On a broad organizational level, the document was separated as a recipe list, with a number, title, and (sometimes) multiple paragraphs of writing in each recipe. In addition, there were page numbers and breaks that frequently appeared in the middle of recipes (but not paragraphs, since that doesn’t really make sense).
To account for this organization, I broadly formatted my text with paragraph tags, page tags, recipe number tags, and heading tags nested directly inside div tags (with type = “recipe”). Margin text occasionally appeared alongside title content outside of paragraphs, so there are margin tags nested directly inside div tags as well. Also, some lines or double lines appear between titles and paragraphs, so these tags are also nested directly inside div tags. (double lines also appear outside of recipes, so these are the only tag put outside of div tags).
In terms of finer textual structure, there was some tension about hierarchy when physical aspects of the texts. For example, there were chunks of text including headings/titles, recipe numbers, lines, and margin writing that were all a different ink color (red or brown instead of black). In these cases, I chose to put color tags as the children of other writing or physical tags (aside from the line or double line tags since these are marks themselves rather than indicators of a physical property of enclosed writing).
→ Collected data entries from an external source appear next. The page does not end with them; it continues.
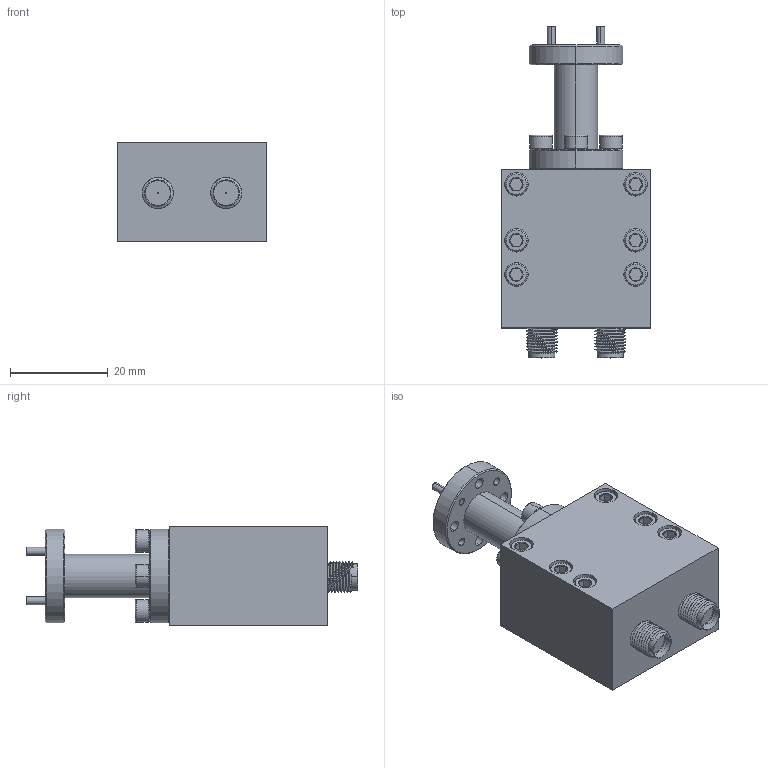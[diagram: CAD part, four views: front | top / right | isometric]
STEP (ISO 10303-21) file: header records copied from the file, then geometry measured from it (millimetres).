
FILE_DESCRIPTION (( 'STEP AP214' ), '1' );
FILE_NAME ('FH-D2-A-5 Defeatured.STEP', '2025-03-04T23:43:46', ( '' ), ( '' ), 'SwSTEP 2.0', 'SolidWorks 2021', '' );
FILE_SCHEMA (( 'AUTOMOTIVE_DESIGN' ));
Length unit declared in the file: inch
Products named in the file (1): FH-D2-A-5 Defeatured
Bounding box: 30.48 x 67.79 x 20.32 mm (x, y, z)
Volume: 23249.4 mm3; surface area: 8841.1 mm2
Topology: 10 solids, 17 shells, 560 faces, 1230 edges, 740 vertices
Faces by surface type: cylinder 234, plane 160, cone 154, torus 8, bspline 4
Entity records: 24658 total; most frequent: CARTESIAN_POINT 5009, DIRECTION 2728, ORIENTED_EDGE 2428, EDGE_CURVE 1214, AXIS2_PLACEMENT_3D 1095, VERTEX_POINT 740, EDGE_LOOP 656, LENGTH_MEASURE_WITH_UNIT 563
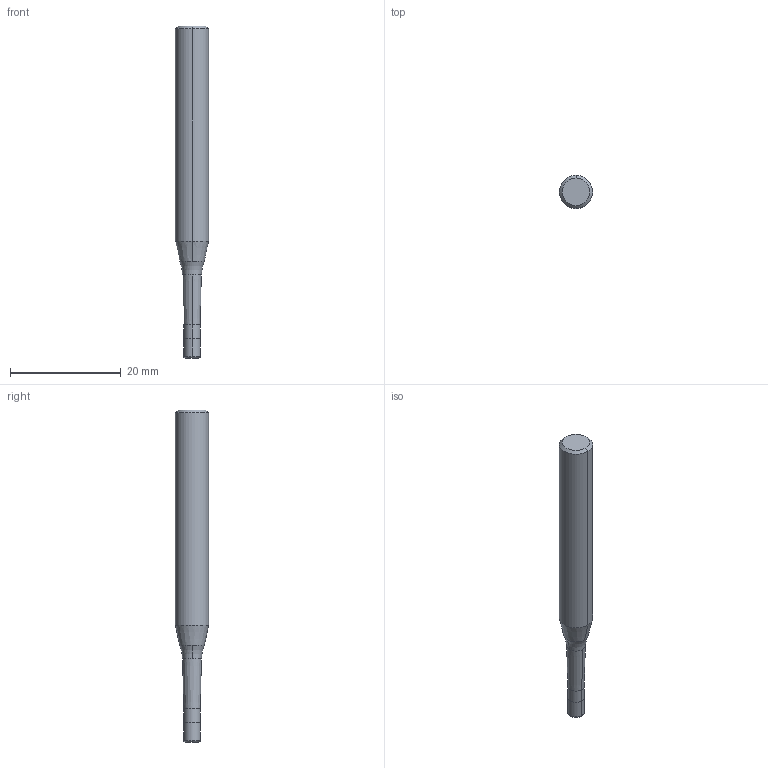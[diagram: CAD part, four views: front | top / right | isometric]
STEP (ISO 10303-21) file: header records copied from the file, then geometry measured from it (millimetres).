
FILE_DESCRIPTION(('STEP AP242'),'1');
FILE_NAME('607408798-000-01-E43.stp','2021-11-25T15:30:27',(' '),(' '),'Spatial InterOp 3D',' ',' ');
FILE_SCHEMA(('AP242_MANAGED_MODEL_BASED_3D_ENGINEERING_MIM_LF {1 0 10303 442 1 1 4}'));
Length unit declared in the file: millimetre
Products named in the file (1): 1
Bounding box: 6 x 6 x 60 mm (x, y, z)
Volume: 1316.8 mm3; surface area: 1012.4 mm2
Topology: 2 solids, 2 shells, 20 faces, 45 edges, 31 vertices
Faces by surface type: cylinder 6, cone 6, torus 4, plane 4
Entity records: 777 total; most frequent: DIRECTION 124, CARTESIAN_POINT 98, ORIENTED_EDGE 86, AXIS2_PLACEMENT_3D 57, EDGE_CURVE 43, CIRCLE 31, VERTEX_POINT 27, STYLED_ITEM 22

The finest textual elements were writing aspects which (aside from the 2 document-specific tags) could be reasonably marked as the child of any non-writing aspect tag since they were small in size and clearly contained within other tags. For example, material tags such as that for Oil of Turpentine clearly should be the child of broader tags such as those for paragraphs. Hierarchy between these writing tags was also easily decided by size; for Neopolitan Ointment, for example, the Neopolitan place descriptor is contained within the material tag for Neopolitan Ointment as a whole.
What questions about markup emerged throughout the process?
I primarily ran into a lot of hierarchy and how-much-to-tag, but these aren’t really questions about markup so much as personal preference and typical practice.
One question I did have was about the use of “type = __” in the beginning of tags. I only found it used for the div and language tags in sample code. It can’t be that this feature only usable for specific tags, so is this just a coincidence or is it a broader phenomenon that typing tags is uncommon and used only in a few specific cases. What are some other examples of good uses of this type parameter? I experimented in my own code by adding a type parameter to abbreviation tags to store the full word but I’m not sure if this is a reasonable use.